You are viewing a plain text version of this content. The canonical link for it is here.
Posted to dev@ambari.apache.org by Jonathan Hurley <jh...@hortonworks.com> on 2015/02/24 06:36:09 UTC

Review Request 31341: Performance: Cluster Installation Deadlocks When Setting Component States

-----------------------------------------------------------
This is an automatically generated e-mail. To reply, visit:
https://reviews.apache.org/r/31341/
-----------------------------------------------------------

Review request for Ambari, Nate Cole and Tom Beerbower.


Bugs: AMBARI-9761
    https://issues.apache.org/jira/browse/AMBARI-9761


Repository: ambari


Description
-------

Another case of misunderstanding how locks work.

During provisioning of a cluster with at least 200 hosts, Ambari Server becomes unresponsive. Based on the thread dump, there exists a deadlock between:
- Cluster readers
- Cluster writers
- ServiceComponentHost writers

qtp626652285-97   ClusterImpl.convertToResponse() (cluster readLock)
qtp1282624353-47  ServiceComponentHostImpl.setRestartRequired() (sch writeLock)
qtp626652285-97   ServiceComponentHostImpl.getMaintenanceState() (sch readLock BLOCKED by qtp1282624353-47)
qtp1282624353-60  ClusterImpl.recalculateClusterVersionState() (cluster writeLock BLOCKED by qtp626652285-97)
qtp1282624353-47  ServiceComponentHostImpl.isPersisted() (cluster readLock BLOCKED by qtp1282624353-60)

The underlying problem is that a writeLock.lock() is parked which causes all subsequent readLock.lock() requests to also park. This includes the request from qtp1282624353-47 which is holding a writeLock on the SCH which, in turn, is blocking qtp626652285-97 (the original cluster readLock reader which blocks the cluster write)
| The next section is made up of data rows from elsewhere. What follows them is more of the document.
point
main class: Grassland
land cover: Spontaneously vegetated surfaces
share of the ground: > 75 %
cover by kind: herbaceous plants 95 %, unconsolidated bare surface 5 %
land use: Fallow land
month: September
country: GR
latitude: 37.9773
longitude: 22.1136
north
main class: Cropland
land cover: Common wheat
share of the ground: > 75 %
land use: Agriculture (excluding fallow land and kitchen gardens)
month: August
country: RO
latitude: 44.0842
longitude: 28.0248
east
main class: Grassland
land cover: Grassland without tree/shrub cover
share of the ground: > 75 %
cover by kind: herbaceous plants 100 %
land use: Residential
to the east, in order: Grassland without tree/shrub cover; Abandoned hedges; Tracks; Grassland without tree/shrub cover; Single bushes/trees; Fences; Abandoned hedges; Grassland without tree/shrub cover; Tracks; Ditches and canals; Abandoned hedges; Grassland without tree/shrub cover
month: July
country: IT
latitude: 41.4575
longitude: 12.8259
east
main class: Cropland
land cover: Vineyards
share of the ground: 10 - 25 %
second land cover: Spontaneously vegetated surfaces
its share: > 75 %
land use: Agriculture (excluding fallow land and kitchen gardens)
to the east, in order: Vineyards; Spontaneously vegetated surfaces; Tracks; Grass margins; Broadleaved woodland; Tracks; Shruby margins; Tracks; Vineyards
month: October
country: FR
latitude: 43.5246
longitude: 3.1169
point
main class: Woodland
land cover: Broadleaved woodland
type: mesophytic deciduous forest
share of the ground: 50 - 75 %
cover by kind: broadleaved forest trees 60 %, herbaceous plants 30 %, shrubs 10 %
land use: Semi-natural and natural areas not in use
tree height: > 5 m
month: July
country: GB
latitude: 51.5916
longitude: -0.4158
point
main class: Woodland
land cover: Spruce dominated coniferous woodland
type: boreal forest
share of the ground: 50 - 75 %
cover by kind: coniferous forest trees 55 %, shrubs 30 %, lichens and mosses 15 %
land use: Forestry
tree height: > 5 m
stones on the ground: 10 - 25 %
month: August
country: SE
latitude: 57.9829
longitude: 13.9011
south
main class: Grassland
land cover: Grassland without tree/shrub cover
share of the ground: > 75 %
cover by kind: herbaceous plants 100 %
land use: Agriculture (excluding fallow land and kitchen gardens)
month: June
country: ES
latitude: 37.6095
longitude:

Long story short is that I think we need to revisit locks again after 2.0.0; I just don't see a need for locking on reads in most places - that's what the database is doing for us.


Diffs
-----

  ambari-server/src/main/java/org/apache/ambari/server/events/listeners/upgrade/StackVersionListener.java 117526c 
  ambari-server/src/main/java/org/apache/ambari/server/state/ServiceImpl.java 0de62ea 
  ambari-server/src/main/java/org/apache/ambari/server/state/svccomphost/ServiceComponentHostImpl.java c43044c 
  ambari-server/src/test/java/org/apache/ambari/server/state/cluster/ClusterDeadlockTest.java 96a1443 

Diff: https://reviews.apache.org/r/31341/diff/


Testing
-------

Reproduced the deadlock in a unit test first, and then verified the deadlock does not occur anymore in the test after applying the patch.


Thanks,

Jonathan Hurley


Re: Review Request 31341: Performance: Cluster Installation Deadlocks When Setting Component States

Posted by Jonathan Hurley <jh...@hortonworks.com>.

> On Feb. 24, 2015, 7:23 a.m., Nate Cole wrote:
> > ambari-server/src/main/java/org/apache/ambari/server/state/ServiceImpl.java, lines 413-417
> > <https://reviews.apache.org/r/31341/diff/1/?file=873469#file873469line413>
> >
> >     Do we even need a read lock around the simple boolean check?  There is a write lock around the persist() method which seems like the only place where it's required.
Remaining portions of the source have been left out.